Autorisée à former la LND, elle est rapidement placée en résidence surveillée et assiste, de loin, à la victoire de son parti aux élections de 1990, un résultat que la junte refuse de reconnaître.
En 1991, Suu Kyi reçoit le prix Nobel de la paix mais ne peut se rendre à Oslo. Elle attendra plus de 20 ans pour venir chercher la récompense.
Quelques années plus tard, son mari, resté au Royaume-Uni, meurt d’un cancer sans qu’elle puisse lui dire adieu.
Après près de 15 ans de résidence surveillée, elle est libérée en 2010 et entre au Parlement, deux ans plus tard, dans la foulée de l’autodissolution de la junte. La victoire de son parti en 2015 lui donne les clés du gouvernement.
– Rupture à l’international –
Rapidement, l’image de l’icône se fendille à l’international.
Certains lui reprochent sa conception autocratique du pouvoir, piégée par sa « position de quasi-princesse adulée dans son pays », commente le politologue Nicholas Farrelly.
Elle est aussi obligée de composer avec les militaires restés très puissants. En 2017, quelque 750.000 musulmans rohingyas fuient les exactions de l’armée et de milices bouddhistes, un drame qui vaut à la Birmanie d’être accusée de « génocide » devant la Cour internationale de Justice (CIJ).
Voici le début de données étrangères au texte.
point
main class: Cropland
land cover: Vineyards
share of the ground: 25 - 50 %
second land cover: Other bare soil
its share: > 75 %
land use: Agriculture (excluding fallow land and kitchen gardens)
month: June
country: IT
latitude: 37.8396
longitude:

Suu Kyi ne condamne pas les généraux. Pire, elle décide de venir en personne défendre son pays devant la Cour, niant « toute intention génocidaire ». Mais la victoire de son parti aux législatives de 2020 provoque l’ire des militaires et elle est renversée.
Enfermée, réduite au silence, « Mère Suu » a peu d’influence sur la Birmanie d’aujourd’hui. De nombreux Birmans ont même renoncé à l’un de ses principes fondamentaux, la non-violence, et mènent des opérations de guérilla contre la junte.
« La gouvernance de Suu Kyi contient forcément des ratés et des frustrations », résume Sophie Boisseau du Rocher de l’Institut français des relations internationales. « Mais elle a permis un appel d’air qui donne aujourd’hui au peuple la force de résister ».
Selon une ONG locale de défense des droits, plus de 1.300 personnes ont été tuées et plus de 10.000 arrêtées dans le cadre de la répression de la dissidence depuis le coup d’État.